Task brief: Every line of the material is to be given again exactly.

[Dataset Boundary: Start]

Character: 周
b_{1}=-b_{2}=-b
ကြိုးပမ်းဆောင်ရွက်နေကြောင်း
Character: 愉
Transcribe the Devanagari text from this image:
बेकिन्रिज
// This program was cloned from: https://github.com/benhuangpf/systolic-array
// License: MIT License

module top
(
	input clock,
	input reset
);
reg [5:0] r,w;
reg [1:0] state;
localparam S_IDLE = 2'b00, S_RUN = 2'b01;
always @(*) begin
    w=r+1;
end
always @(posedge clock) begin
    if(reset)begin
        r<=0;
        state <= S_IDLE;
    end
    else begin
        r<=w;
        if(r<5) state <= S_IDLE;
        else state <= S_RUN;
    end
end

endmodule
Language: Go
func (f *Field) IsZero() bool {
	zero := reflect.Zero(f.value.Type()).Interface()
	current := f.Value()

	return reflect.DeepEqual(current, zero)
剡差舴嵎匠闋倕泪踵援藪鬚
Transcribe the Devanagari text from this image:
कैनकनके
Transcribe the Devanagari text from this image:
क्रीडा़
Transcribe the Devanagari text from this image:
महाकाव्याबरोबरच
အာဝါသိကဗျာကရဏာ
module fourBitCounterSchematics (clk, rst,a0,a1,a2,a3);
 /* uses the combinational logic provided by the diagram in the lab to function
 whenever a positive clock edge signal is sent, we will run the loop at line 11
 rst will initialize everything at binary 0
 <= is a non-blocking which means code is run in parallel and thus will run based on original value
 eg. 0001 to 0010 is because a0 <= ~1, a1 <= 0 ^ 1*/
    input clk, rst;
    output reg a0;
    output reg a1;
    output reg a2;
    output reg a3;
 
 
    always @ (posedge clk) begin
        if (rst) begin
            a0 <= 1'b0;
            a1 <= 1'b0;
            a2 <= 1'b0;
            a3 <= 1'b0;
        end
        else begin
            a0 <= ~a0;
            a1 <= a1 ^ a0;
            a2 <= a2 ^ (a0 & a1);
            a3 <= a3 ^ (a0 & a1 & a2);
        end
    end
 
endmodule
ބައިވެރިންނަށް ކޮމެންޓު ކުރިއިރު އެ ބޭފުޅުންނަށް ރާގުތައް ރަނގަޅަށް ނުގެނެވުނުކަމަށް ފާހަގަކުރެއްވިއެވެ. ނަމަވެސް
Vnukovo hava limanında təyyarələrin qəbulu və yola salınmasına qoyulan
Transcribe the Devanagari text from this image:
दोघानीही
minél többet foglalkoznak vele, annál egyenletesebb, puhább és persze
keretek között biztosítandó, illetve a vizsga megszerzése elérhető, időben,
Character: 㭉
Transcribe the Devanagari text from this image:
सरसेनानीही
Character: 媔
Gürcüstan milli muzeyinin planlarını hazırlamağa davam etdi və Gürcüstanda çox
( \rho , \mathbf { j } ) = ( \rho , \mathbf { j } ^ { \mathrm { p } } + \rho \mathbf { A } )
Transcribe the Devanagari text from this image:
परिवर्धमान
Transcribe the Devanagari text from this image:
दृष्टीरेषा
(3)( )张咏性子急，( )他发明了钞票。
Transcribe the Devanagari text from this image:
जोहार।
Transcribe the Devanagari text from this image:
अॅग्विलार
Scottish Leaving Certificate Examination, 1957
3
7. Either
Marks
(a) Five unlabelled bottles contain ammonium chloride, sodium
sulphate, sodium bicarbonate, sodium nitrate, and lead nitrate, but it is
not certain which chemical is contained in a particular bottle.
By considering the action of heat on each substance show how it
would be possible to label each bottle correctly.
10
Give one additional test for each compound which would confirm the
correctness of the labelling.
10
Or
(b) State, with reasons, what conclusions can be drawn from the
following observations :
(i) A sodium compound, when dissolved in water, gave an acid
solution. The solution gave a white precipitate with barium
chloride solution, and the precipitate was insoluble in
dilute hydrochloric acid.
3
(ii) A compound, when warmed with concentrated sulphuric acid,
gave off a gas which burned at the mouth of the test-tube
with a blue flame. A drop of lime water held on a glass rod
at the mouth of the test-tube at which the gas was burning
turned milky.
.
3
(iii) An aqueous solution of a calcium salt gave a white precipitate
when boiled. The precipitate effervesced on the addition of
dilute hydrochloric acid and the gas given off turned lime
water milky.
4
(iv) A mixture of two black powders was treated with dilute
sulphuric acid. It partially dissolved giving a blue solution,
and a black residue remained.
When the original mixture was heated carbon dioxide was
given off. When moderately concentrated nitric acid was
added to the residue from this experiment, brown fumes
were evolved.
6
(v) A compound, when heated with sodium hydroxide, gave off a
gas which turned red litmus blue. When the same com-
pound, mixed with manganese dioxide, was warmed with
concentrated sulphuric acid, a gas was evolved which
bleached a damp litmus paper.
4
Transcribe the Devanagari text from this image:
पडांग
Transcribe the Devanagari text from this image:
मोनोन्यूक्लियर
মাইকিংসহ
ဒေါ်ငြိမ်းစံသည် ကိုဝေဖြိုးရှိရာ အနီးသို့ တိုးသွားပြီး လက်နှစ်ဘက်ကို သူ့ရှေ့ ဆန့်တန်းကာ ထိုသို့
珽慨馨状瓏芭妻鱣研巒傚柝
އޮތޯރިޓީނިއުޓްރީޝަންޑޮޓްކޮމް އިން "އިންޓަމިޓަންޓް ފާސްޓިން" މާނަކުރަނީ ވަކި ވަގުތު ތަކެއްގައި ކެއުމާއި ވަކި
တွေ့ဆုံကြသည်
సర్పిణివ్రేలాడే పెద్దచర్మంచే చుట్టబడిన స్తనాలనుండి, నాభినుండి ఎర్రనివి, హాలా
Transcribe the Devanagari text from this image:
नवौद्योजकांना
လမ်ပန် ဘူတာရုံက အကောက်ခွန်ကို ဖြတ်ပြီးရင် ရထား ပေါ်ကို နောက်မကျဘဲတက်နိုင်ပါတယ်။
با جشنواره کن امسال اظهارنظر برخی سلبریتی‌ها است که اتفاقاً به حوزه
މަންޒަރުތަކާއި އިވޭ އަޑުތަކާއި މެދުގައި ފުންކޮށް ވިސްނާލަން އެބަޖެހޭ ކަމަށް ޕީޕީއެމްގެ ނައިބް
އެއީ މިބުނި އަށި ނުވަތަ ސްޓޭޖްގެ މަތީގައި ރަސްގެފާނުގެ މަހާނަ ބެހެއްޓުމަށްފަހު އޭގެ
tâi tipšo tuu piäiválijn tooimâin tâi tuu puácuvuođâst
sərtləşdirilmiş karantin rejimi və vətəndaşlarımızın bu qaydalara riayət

[Dataset Boundary: End]

Exercise answer:
Character: 周
b_{1}=-b_{2}=-b
ကြိုးပမ်းဆောင်ရွက်နေကြောင်း
Character: 愉
Transcribe the Devanagari text from this image:
बेकिन्रिज
// This program was cloned from: https://github.com/benhuangpf/systolic-array
// License: MIT License

module top
(
	input clock,
	input reset
);
reg [5:0] r,w;
reg [1:0] state;
localparam S_IDLE = 2'b00, S_RUN = 2'b01;
always @(*) begin
    w=r+1;
end
always @(posedge clock) begin
    if(reset)begin
        r<=0;
        state <= S_IDLE;
    end
    else begin
        r<=w;
        if(r<5) state <= S_IDLE;
        else state <= S_RUN;
    end
end

endmodule
Language: Go
func (f *Field) IsZero() bool {
	zero := reflect.Zero(f.value.Type()).Interface()
	current := f.Value()

	return reflect.DeepEqual(current, zero)
剡差舴嵎匠闋倕泪踵援藪鬚
Transcribe the Devanagari text from this image:
कैनकनके
Transcribe the Devanagari text from this image:
क्रीडा़
Transcribe the Devanagari text from this image:
महाकाव्याबरोबरच
အာဝါသိကဗျာကရဏာ
module fourBitCounterSchematics (clk, rst,a0,a1,a2,a3);
 /* uses the combinational logic provided by the diagram in the lab to function
 whenever a positive clock edge signal is sent, we will run the loop at line 11
 rst will initialize everything at binary 0
 <= is a non-blocking which means code is run in parallel and thus will run based on original value
 eg. 0001 to 0010 is because a0 <= ~1, a1 <= 0 ^ 1*/
    input clk, rst;
    output reg a0;
    output reg a1;
    output reg a2;
    output reg a3;
 
 
    always @ (posedge clk) begin
        if (rst) begin
            a0 <= 1'b0;
            a1 <= 1'b0;
            a2 <= 1'b0;
            a3 <= 1'b0;
        end
        else begin
            a0 <= ~a0;
            a1 <= a1 ^ a0;
            a2 <= a2 ^ (a0 & a1);
            a3 <= a3 ^ (a0 & a1 & a2);
        end
    end
 
endmodule
ބައިވެރިންނަށް ކޮމެންޓު ކުރިއިރު އެ ބޭފުޅުންނަށް ރާގުތައް ރަނގަޅަށް ނުގެނެވުނުކަމަށް ފާހަގަކުރެއްވިއެވެ. ނަމަވެސް
Vnukovo hava limanında təyyarələrin qəbulu və yola salınmasına qoyulan
Transcribe the Devanagari text from this image:
दोघानीही
minél többet foglalkoznak vele, annál egyenletesebb, puhább és persze
keretek között biztosítandó, illetve a vizsga megszerzése elérhető, időben,
Character: 㭉
Transcribe the Devanagari text from this image:
सरसेनानीही
Character: 媔
Gürcüstan milli muzeyinin planlarını hazırlamağa davam etdi və Gürcüstanda çox
( \rho , \mathbf { j } ) = ( \rho , \mathbf { j } ^ { \mathrm { p } } + \rho \mathbf { A } )
Transcribe the Devanagari text from this image:
परिवर्धमान
Transcribe the Devanagari text from this image:
दृष्टीरेषा
(3)( )张咏性子急，( )他发明了钞票。
Transcribe the Devanagari text from this image:
जोहार।
Transcribe the Devanagari text from this image:
अॅग्विलार
Scottish Leaving Certificate Examination, 1957
3
7. Either
Marks
(a) Five unlabelled bottles contain ammonium chloride, sodium
sulphate, sodium bicarbonate, sodium nitrate, and lead nitrate, but it is
not certain which chemical is contained in a particular bottle.
By considering the action of heat on each substance show how it
would be possible to label each bottle correctly.
10
Give one additional test for each compound which would confirm the
correctness of the labelling.
10
Or
(b) State, with reasons, what conclusions can be drawn from the
following observations :
(i) A sodium compound, when dissolved in water, gave an acid
solution. The solution gave a white precipitate with barium
chloride solution, and the precipitate was insoluble in
dilute hydrochloric acid.
3
(ii) A compound, when warmed with concentrated sulphuric acid,
gave off a gas which burned at the mouth of the test-tube
with a blue flame. A drop of lime water held on a glass rod
at the mouth of the test-tube at which the gas was burning
turned milky.
.
3
(iii) An aqueous solution of a calcium salt gave a white precipitate
when boiled. The precipitate effervesced on the addition of
dilute hydrochloric acid and the gas given off turned lime
water milky.
4
(iv) A mixture of two black powders was treated with dilute
sulphuric acid. It partially dissolved giving a blue solution,
and a black residue remained.
When the original mixture was heated carbon dioxide was
given off. When moderately concentrated nitric acid was
added to the residue from this experiment, brown fumes
were evolved.
6
(v) A compound, when heated with sodium hydroxide, gave off a
gas which turned red litmus blue. When the same com-
pound, mixed with manganese dioxide, was warmed with
concentrated sulphuric acid, a gas was evolved which
bleached a damp litmus paper.
4
Transcribe the Devanagari text from this image:
पडांग
Transcribe the Devanagari text from this image:
मोनोन्यूक्लियर
মাইকিংসহ
ဒေါ်ငြိမ်းစံသည် ကိုဝေဖြိုးရှိရာ အနီးသို့ တိုးသွားပြီး လက်နှစ်ဘက်ကို သူ့ရှေ့ ဆန့်တန်းကာ ထိုသို့
珽慨馨状瓏芭妻鱣研巒傚柝
އޮތޯރިޓީނިއުޓްރީޝަންޑޮޓްކޮމް އިން "އިންޓަމިޓަންޓް ފާސްޓިން" މާނަކުރަނީ ވަކި ވަގުތު ތަކެއްގައި ކެއުމާއި ވަކި
တွေ့ဆုံကြသည်
సర్పిణివ్రేలాడే పెద్దచర్మంచే చుట్టబడిన స్తనాలనుండి, నాభినుండి ఎర్రనివి, హాలా
Transcribe the Devanagari text from this image:
नवौद्योजकांना
လမ်ပန် ဘူတာရုံက အကောက်ခွန်ကို ဖြတ်ပြီးရင် ရထား ပေါ်ကို နောက်မကျဘဲတက်နိုင်ပါတယ်။
با جشنواره کن امسال اظهارنظر برخی سلبریتی‌ها است که اتفاقاً به حوزه
މަންޒަރުތަކާއި އިވޭ އަޑުތަކާއި މެދުގައި ފުންކޮށް ވިސްނާލަން އެބަޖެހޭ ކަމަށް ޕީޕީއެމްގެ ނައިބް
އެއީ މިބުނި އަށި ނުވަތަ ސްޓޭޖްގެ މަތީގައި ރަސްގެފާނުގެ މަހާނަ ބެހެއްޓުމަށްފަހު އޭގެ
tâi tipšo tuu piäiválijn tooimâin tâi tuu puácuvuođâst
sərtləşdirilmiş karantin rejimi və vətəndaşlarımızın bu qaydalara riayət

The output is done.